CVRajan / / 7 yrs ago
CVRajan

very well written and quite informative for a mechanical engineer like me.
 
the character of nagaraj has been beutifully portrayed.
 
bye
 
cv rajan


prema Raja / / 7 yrs ago
prema Raja

hi,

excellent post....you just brought about everythingthat happened in your lab in front of our eyes...very good writing style...keep up!!!

 

regards


swarajya / / 7 yrs ago
swarajya

your blog gave me insight to the dissection hall experience of the new students.it must have been really tough to remember all medical names of parts.it is interesting that some catchy sentences are used to remember them.how sad that the unclaimed bodies are totally disfigured by dissection?i learned that the live dogs were also being given for dissection at  later stages and the dogs used to die on the table.this practice has probably been discontinued.is it true that islam does not allow dissection of muslim   dead bodies?the dissection of palms , faces and sexual organs probably arouse the deepest emotional sentiments.anyway doctors face the dead and so may not be affected by death.
the article has brought out the tough dissection part in utmost clarity.

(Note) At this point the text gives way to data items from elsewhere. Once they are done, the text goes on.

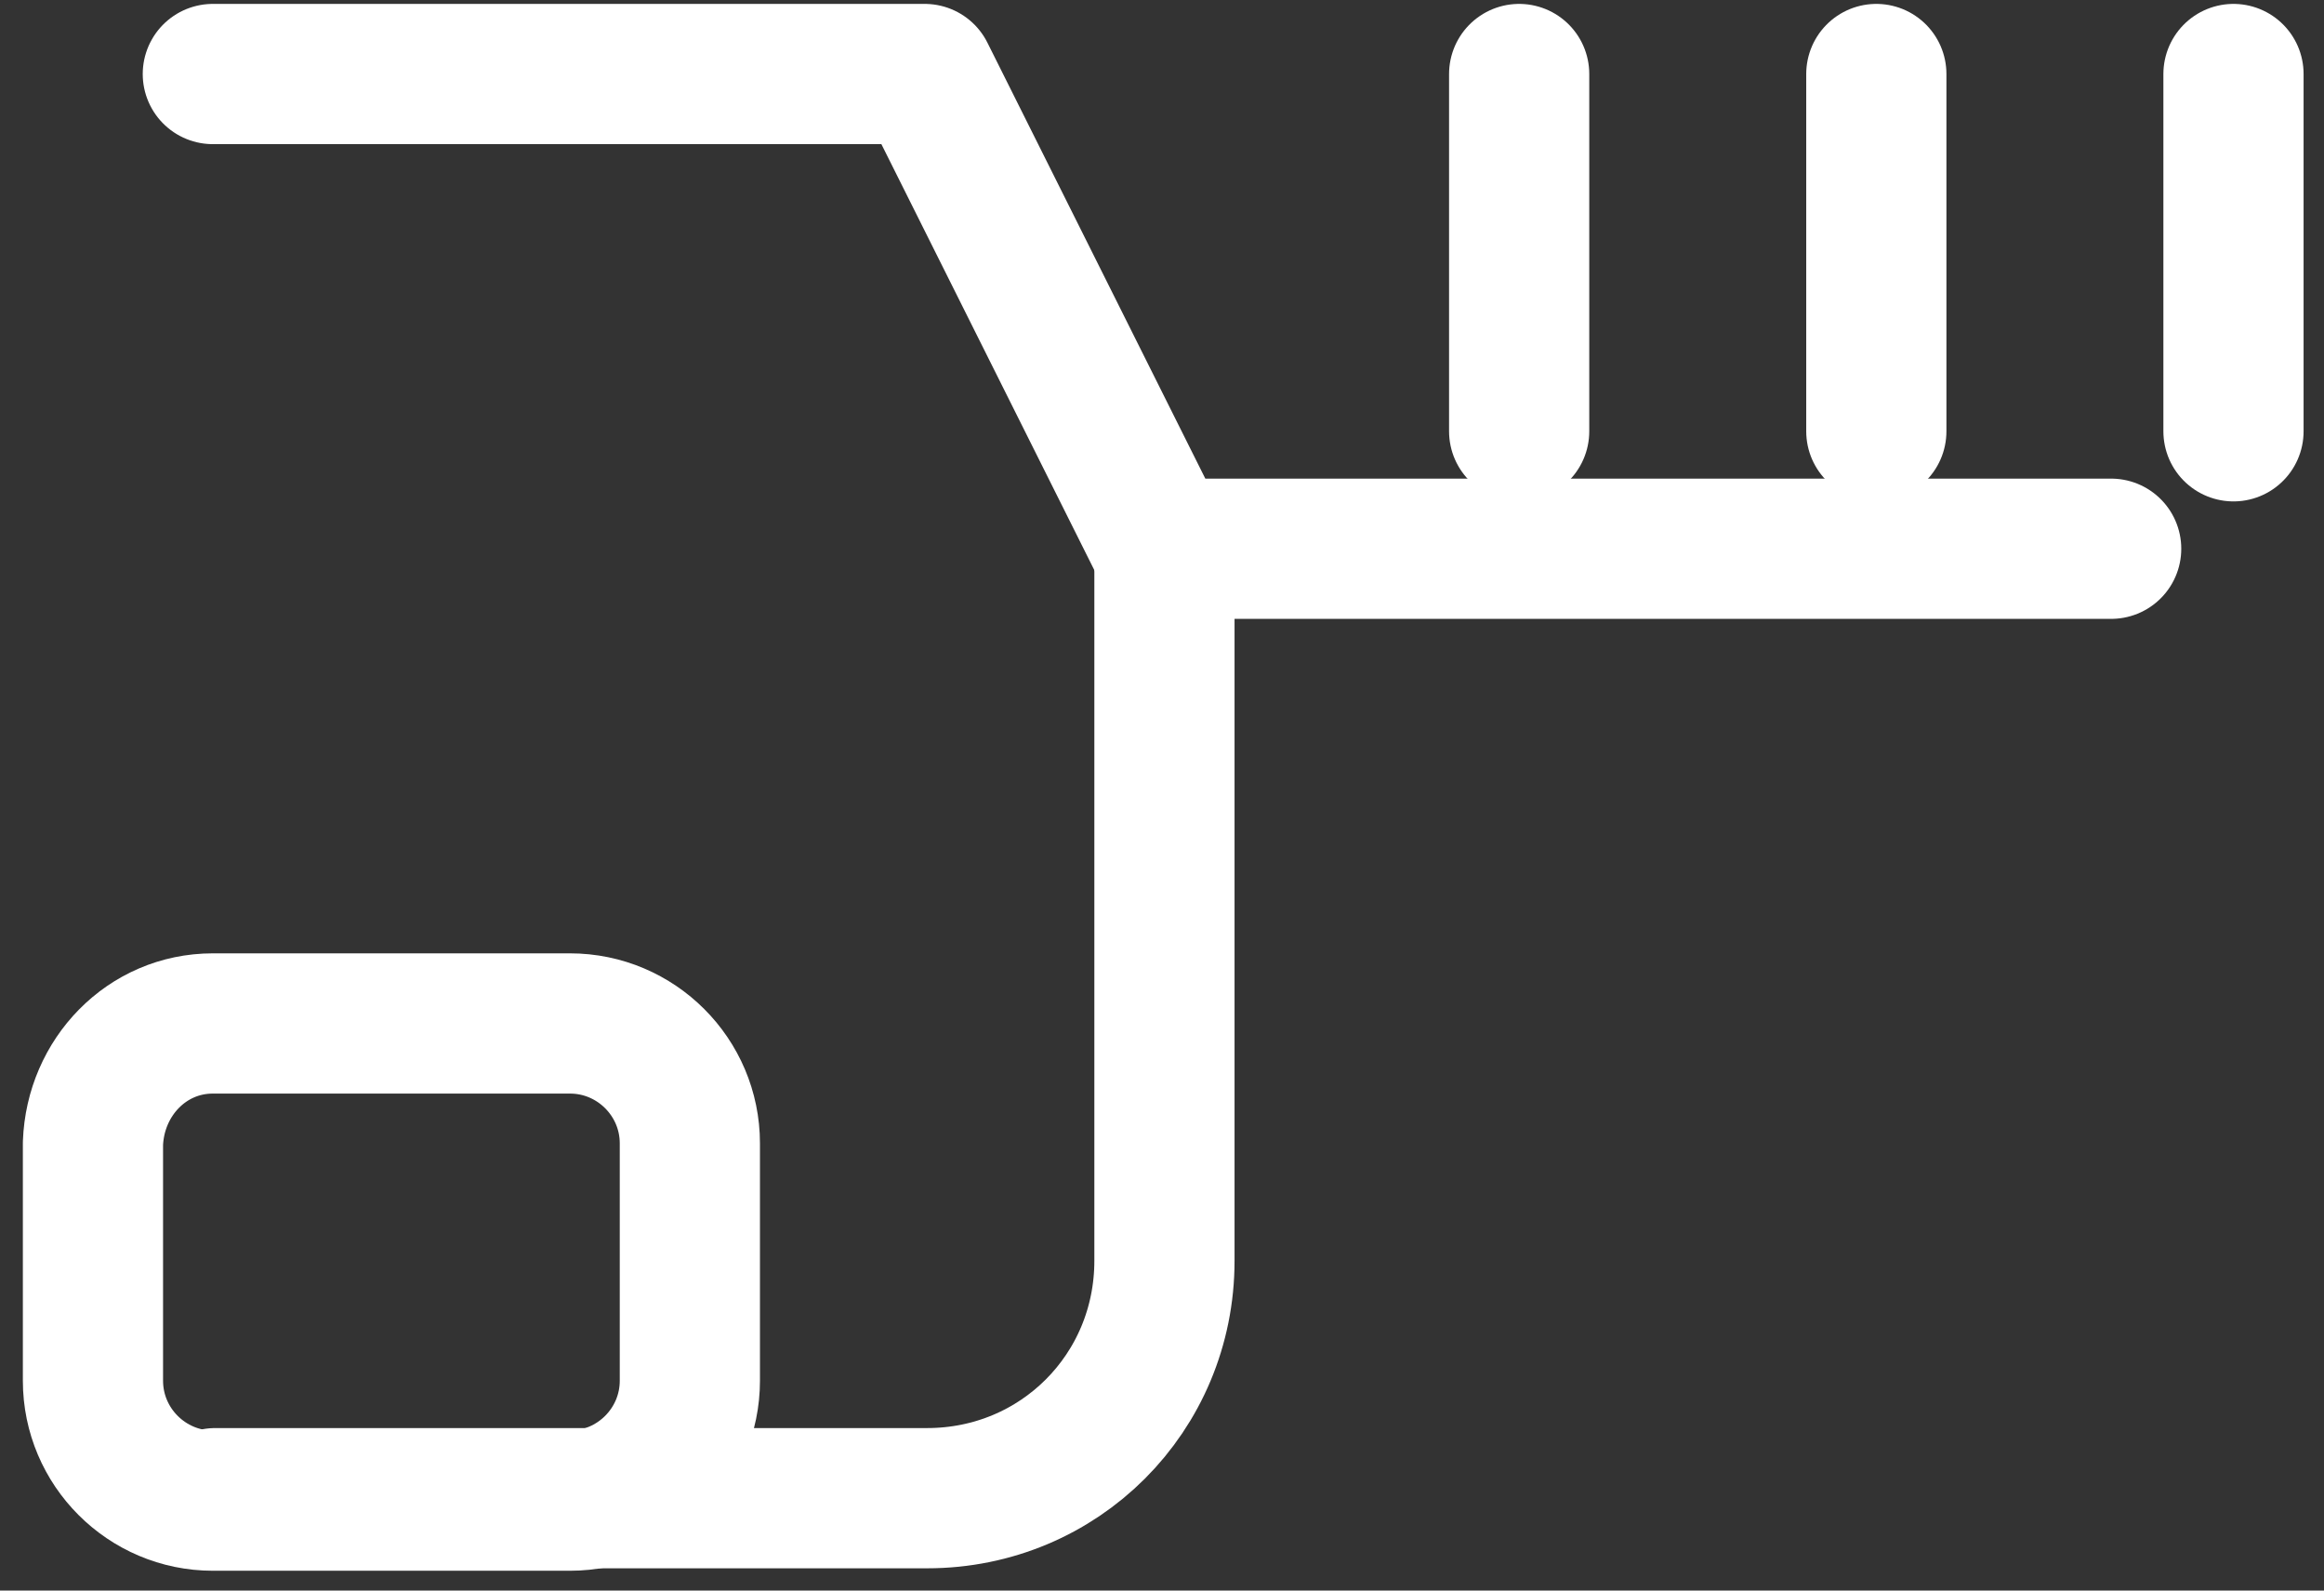 <svg width="95" height="65" viewBox="0 0 95 65" fill="none" xmlns="http://www.w3.org/2000/svg">
<rect x="0" y="0" width="95" height="65" fill="#333333" stroke="none"/>
<path d="M8.7 3.025H37.8L47.5 22.425H86.3" stroke="white" stroke-width="5.731" stroke-linecap="round" stroke-linejoin="round"/>
<path d="M47.6 22.425V51.525C47.6 56.925 43.3 61.225 37.9 61.225H8.8" stroke="white" stroke-width="5.731" stroke-linecap="round" stroke-linejoin="round"/>
<path d="M8.7 41.825H23.3C26 41.825 28.2 44.025 28.2 46.725V56.425C28.2 59.125 26 61.325 23.3 61.325H8.7C6 61.325 3.8 59.125 3.8 56.425V46.725C3.9 44.025 6 41.825 8.7 41.825Z" stroke="white" stroke-width="5.731" stroke-linecap="round" stroke-linejoin="round"/>
<path d="M62.1 3.025V17.625M76.7 3.025V17.625M91.3 3.025V17.625" stroke="white" stroke-width="5.731" stroke-linecap="round" stroke-linejoin="round"/>
</svg>

Watchdog 123 / / 7 yrs ago
Watchdog 123

dissection truly dissected.


animagi / / 7 yrs ago
animagi

shantalanil,
 
though i am no doctor, i could understand all the emotions, lessons and travails of your dissection, mainly because your narration was wonderful and heartfelt. my respect for doctors just grew, reading your blog, how difficult it is, to pursue medicine and what all you people need to face. good post!


cerabella / / 7 yrs ago
cerabella

haha. it reminded me of my own experiences. i had blogged on it earlier. check it out if you want to know my take on ol'e cadddies.